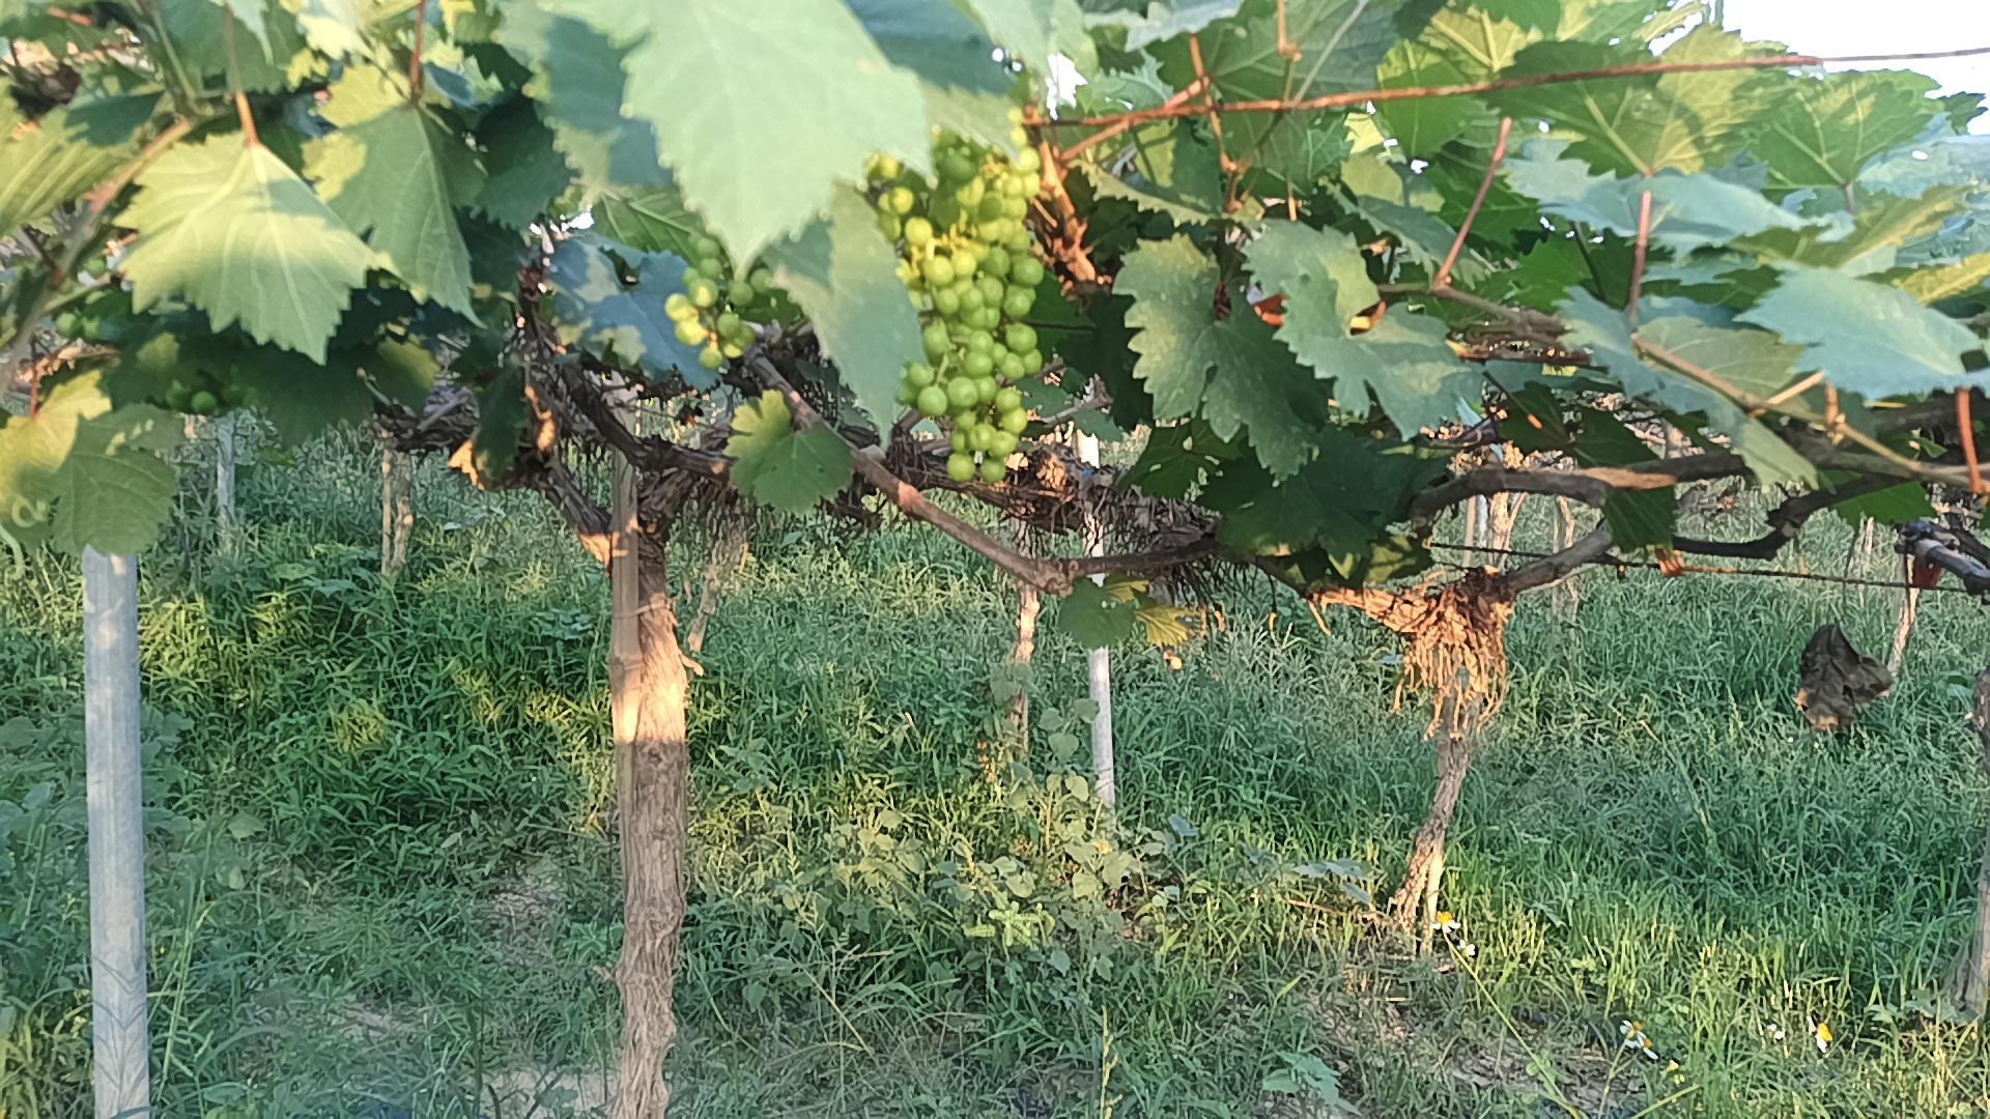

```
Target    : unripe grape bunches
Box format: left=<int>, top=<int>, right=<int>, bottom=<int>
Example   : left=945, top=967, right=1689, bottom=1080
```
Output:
----
• _Problem_:
From the first line to the last, return the material above exactly, apart from the pictures.

• _Completed task_:
```
Target    : unripe grape bunches
Box format: left=<int>, top=<int>, right=<int>, bottom=<int>
Example   : left=945, top=967, right=1689, bottom=1080
```
Output:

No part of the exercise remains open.